| Aim of the task |
Search the records below for the word "share". Copy each line where it occurs.

─── Records for processing

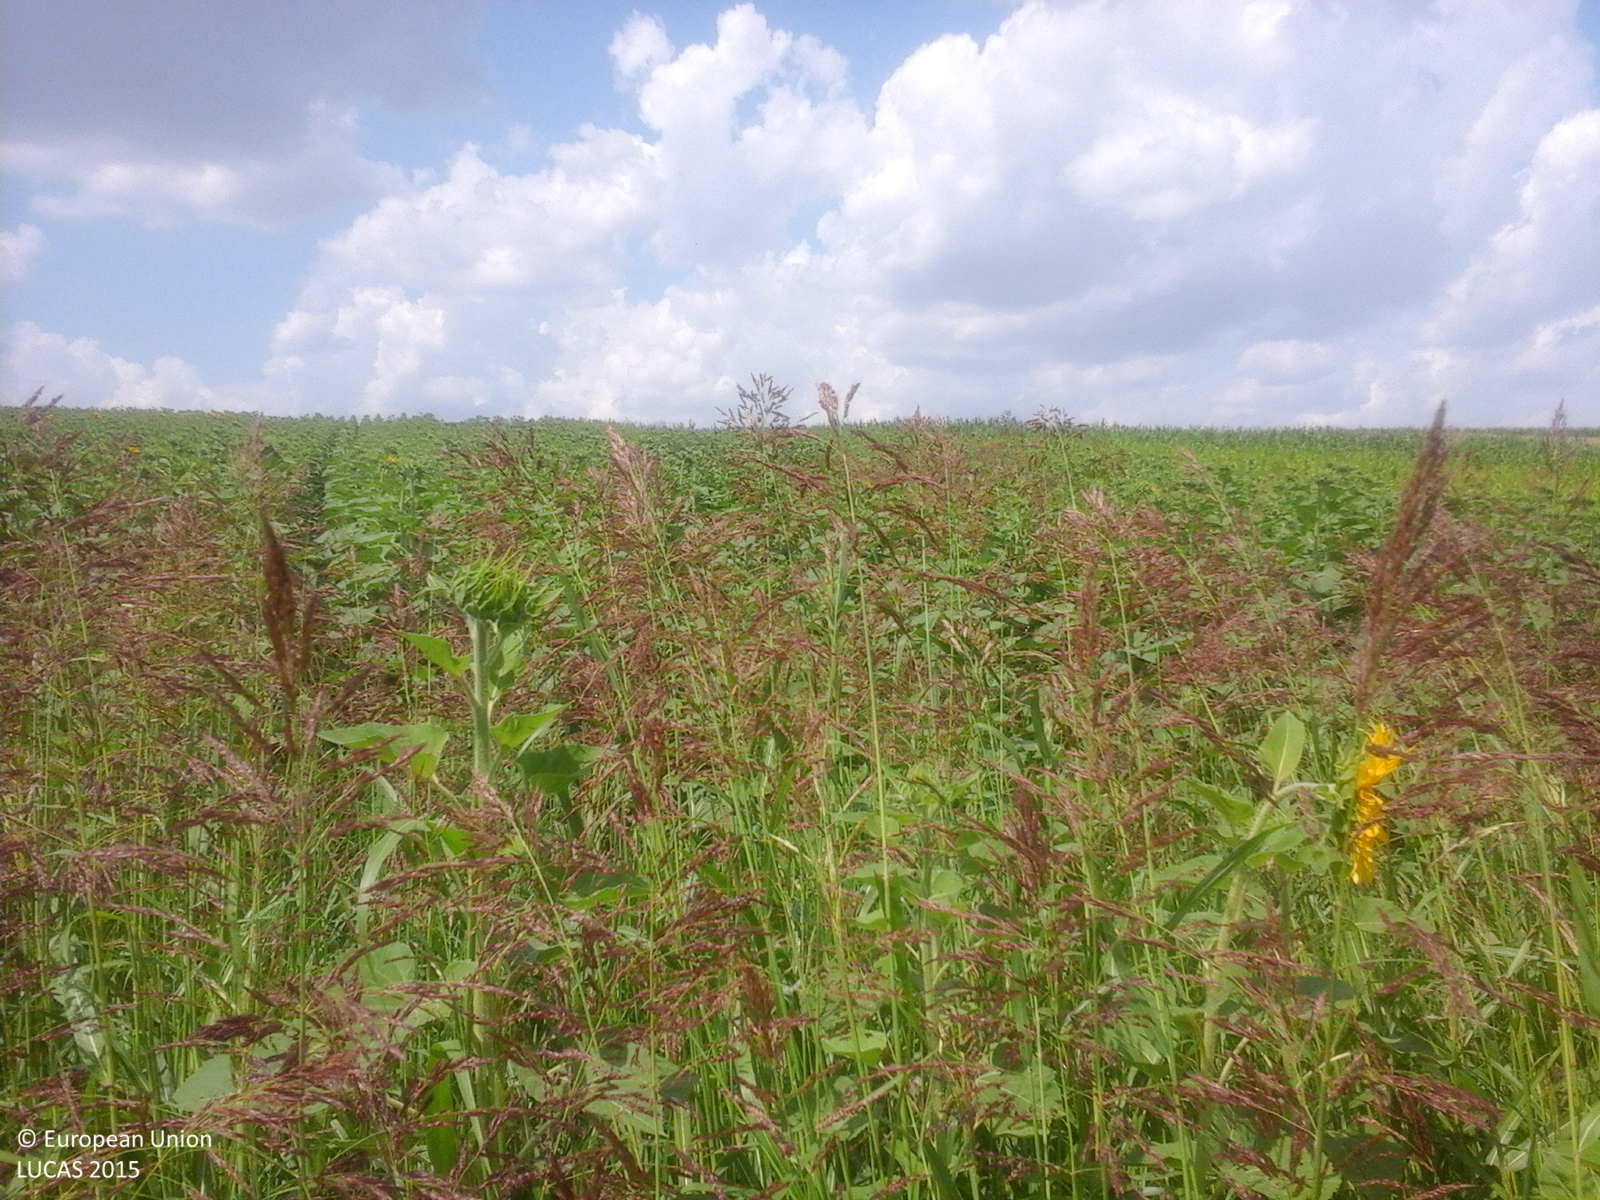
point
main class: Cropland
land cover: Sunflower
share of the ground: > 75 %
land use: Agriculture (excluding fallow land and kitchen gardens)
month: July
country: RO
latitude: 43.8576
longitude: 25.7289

──────
─── Records for processing

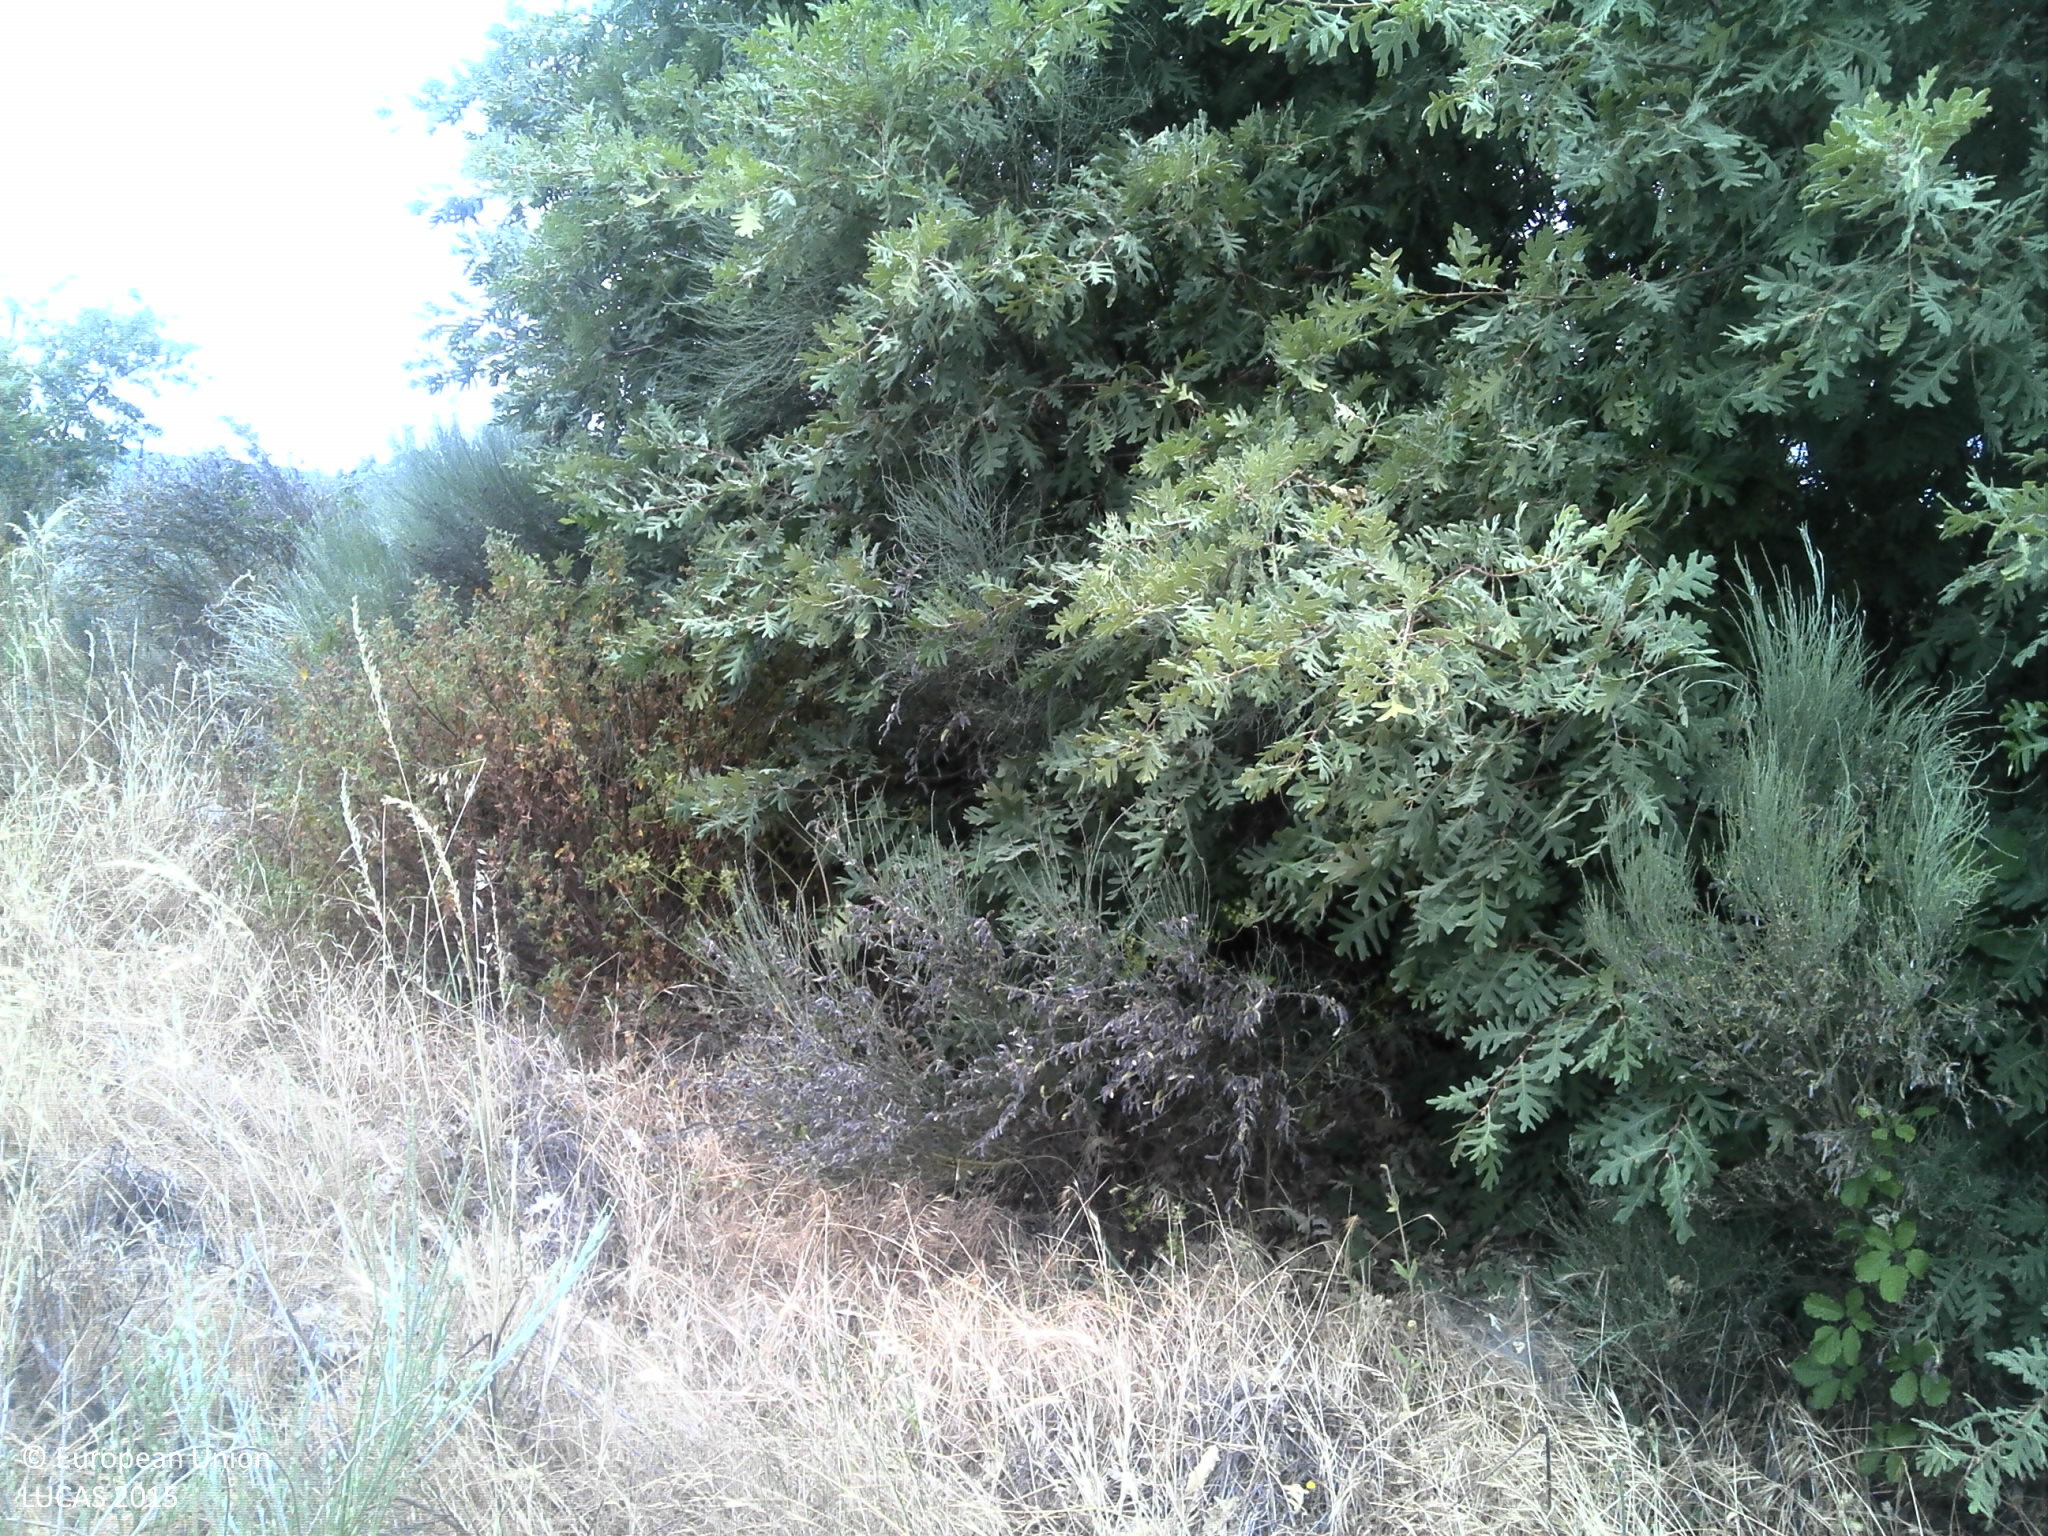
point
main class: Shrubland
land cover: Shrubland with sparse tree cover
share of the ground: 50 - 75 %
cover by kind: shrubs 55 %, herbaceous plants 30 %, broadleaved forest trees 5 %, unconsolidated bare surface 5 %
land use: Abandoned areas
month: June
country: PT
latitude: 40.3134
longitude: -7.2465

──────

| Solution |
share of the ground: > 75 %
share of the ground: 50 - 75 %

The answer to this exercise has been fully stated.